The United States and Israel are dickering over the price of fish – specifically, gefilte fish – while the holiday of Passover, when it is considered de rigeur for every Ashkenazi Jew to consume at least some, draws closer.

The dispute centers on a 120 percent import duty imposed by Israel on nine containers of Asian carp fillets that were being shipped from an Illinois fishery to a processing plant that makes gefilte fish.

The Ministry of Industry, Trade and Labor reinstated the import tax at NIS 6.50 per kilo of regular carp, just in time to skin consumers who are filling their food baskets for the holidays.

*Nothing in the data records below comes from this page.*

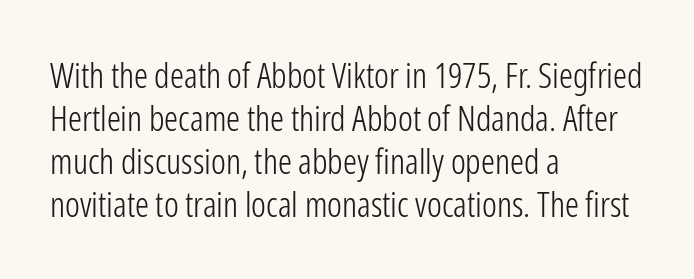
{"serif": "no", "italic": "no", "bold": "no", "weight": "light", "width": "condensed", "stroke_contrast": "low", "x_height": "medium", "monospaced": "no", "underline": "no", "align": "left", "line_spacing_ratio": 1.23, "letter_spacing": "normal", "letter_spacing_em": 0.0, "glyph_px": 35}
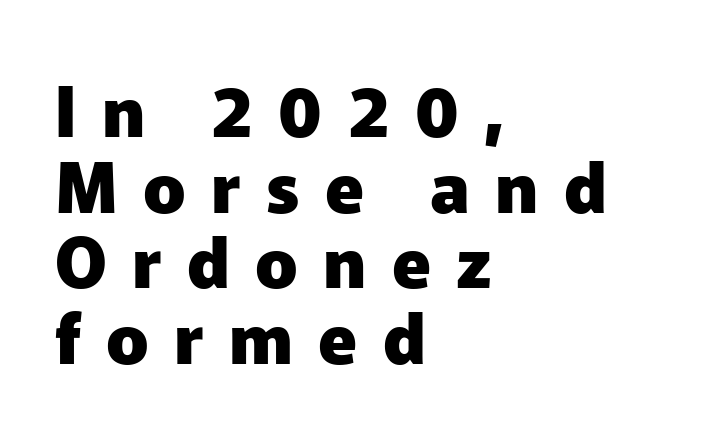
You could only call the tracking loose — the letters float apart. Vertically, the passage feels compressed, each row crowding the next. Summary of weight: heavy, a full bold. The space beneath each line is pristine and unruled. Characters remain perfectly vertical along every line. This sample has the flowing, uneven cadence of proportional lettering.
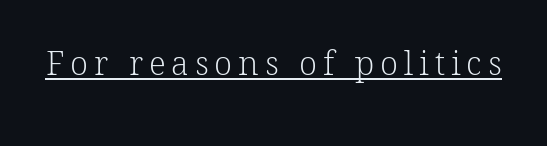
{"serif": "yes", "italic": "no", "bold": "no", "weight": "light", "width": "normal", "stroke_contrast": "low", "x_height": "medium", "monospaced": "no", "underline": "yes", "glyph_px": 33}
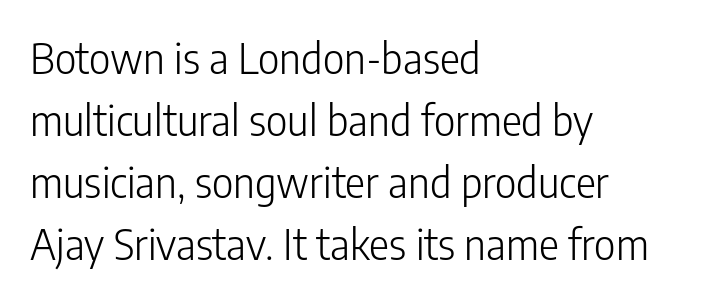
The image shows 42 px light, condensed sans-serif type, upright; set left-aligned, normal line spacing (1.48x), normal letter spacing, not underlined; low stroke contrast and a medium x-height.
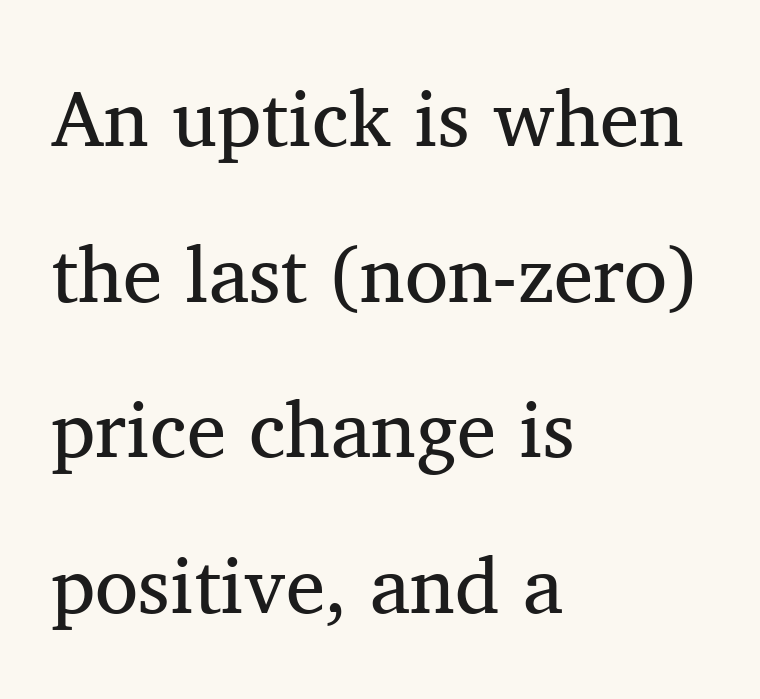
Default kerning and tracking; the words read as compact shapes. A bare baseline throughout the passage. On a weight scale, this lands at 450 or below. The passage is arranged the way most books set body copy — flush left.
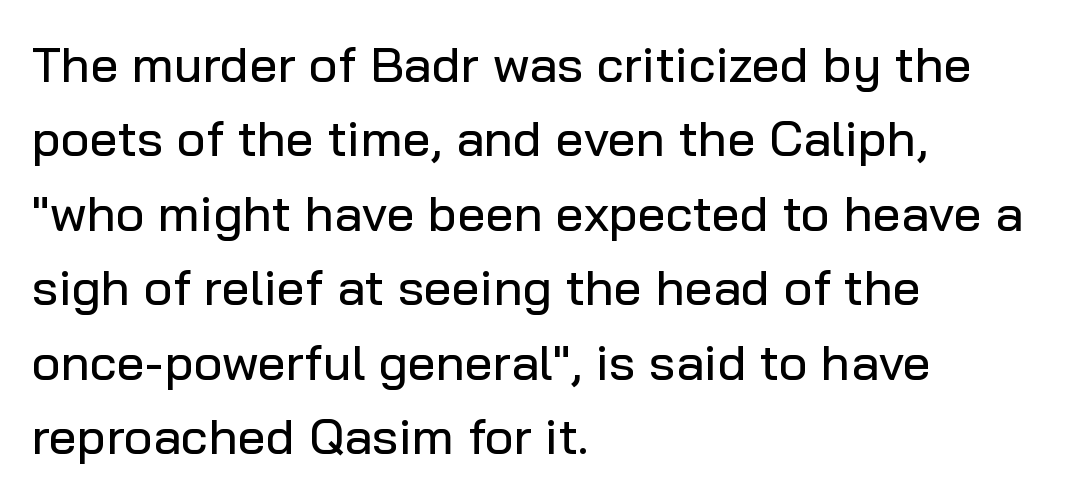
{"serif": "no", "italic": "no", "width": "normal", "stroke_contrast": "low", "x_height": "medium", "monospaced": "no", "underline": "no", "align": "left", "line_spacing": "normal", "line_spacing_ratio": 1.49, "letter_spacing": "normal", "letter_spacing_em": 0.0, "glyph_px": 50}
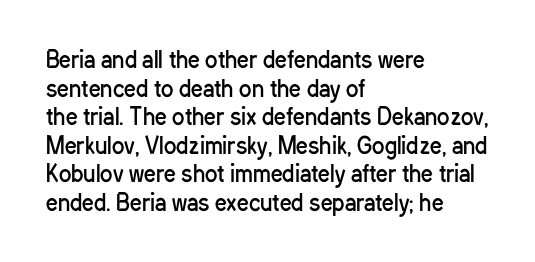
Beneath every word, the page is bare. On a weight scale, this lands at 450 or below. Look at the tracking — it's just the regular setting, nothing added. The typesetter chose a ragged-right arrangement here. Upright lettering throughout.
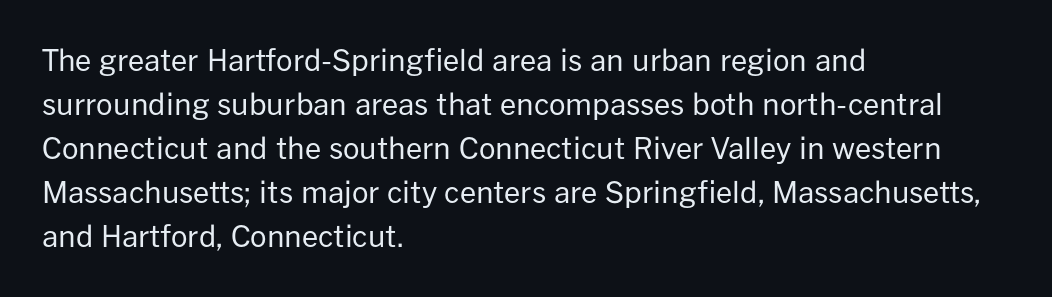
{"serif": "no", "italic": "no", "bold": "no", "weight": "regular", "width": "normal", "stroke_contrast": "low", "x_height": "medium", "monospaced": "no", "underline": "no", "align": "left", "line_spacing": "normal", "line_spacing_ratio": 1.52, "letter_spacing": "normal", "letter_spacing_em": 0.0, "glyph_px": 29}
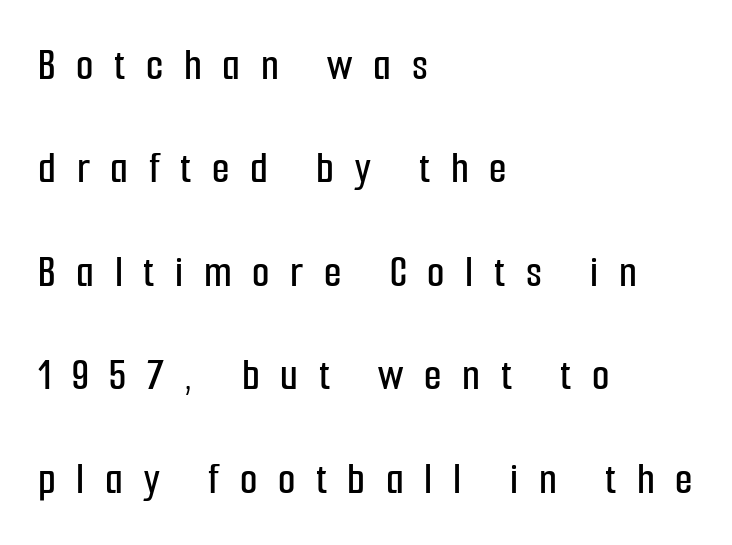
Q: Is the text italic (slanted)? A: No, it is upright.
Q: Is the typeface a serif or a sans-serif typeface? A: Sans-serif.
Q: Is the text underlined? A: No.
Q: How is the paragraph aligned? A: Left-aligned.
Q: Is the spacing between letters normal or unusually wide? A: Unusually wide.
Q: Is the spacing between lines tight, normal or loose? A: Loose.
Q: Width (condensed, normal, or wide)? A: Condensed.
Q: Stroke contrast? A: Low.
Q: x-height? A: Medium.
Q: Monospaced? A: No.

The reason: fish farmers are complaining that their profit margin of five percent on the locally-raised carp, which costs the Israeli shopper NIS 24 ($6.50) per kilo, is too low. The import tax on carp was abolished “by mistake,” the Fish Growers Association claims, and the error was now simply rectified.

Carp, an oily freshwater fish, is a central ingredient in the production of gefilte fish, although the delicacy can be made with other types of fish as well.

U.S. Secretary of State Hillary Clinton said she would put an end to the disagreement over the import tax before the Passover holiday, which begins on the night of March 29. But until she does, nine containers of carp are stuck in Illinois.

Clinton told the House Foreign Affairs Committee with some irony last week that the difficulty “sounds to me like one of those issues that should rise to the highest levels of our government.” She made the remark in response to a request by U.S. Representative Don Manzullo (R-Ill), who had requested her assistance in resolving the matter before the first Passover seder (liturgical meal on the holiday's first two nights).

Gefilte fish, an Eastern European dish, is comprised of several different types of fish typically ground together with onions, carrots, eggs, sugar, salt and a bit of oil and then formed into balls and boiled in a broth. It is customarily served in Ashkenazi families as the first course at the Passover seder table, and at the dinner table on the Sabbath.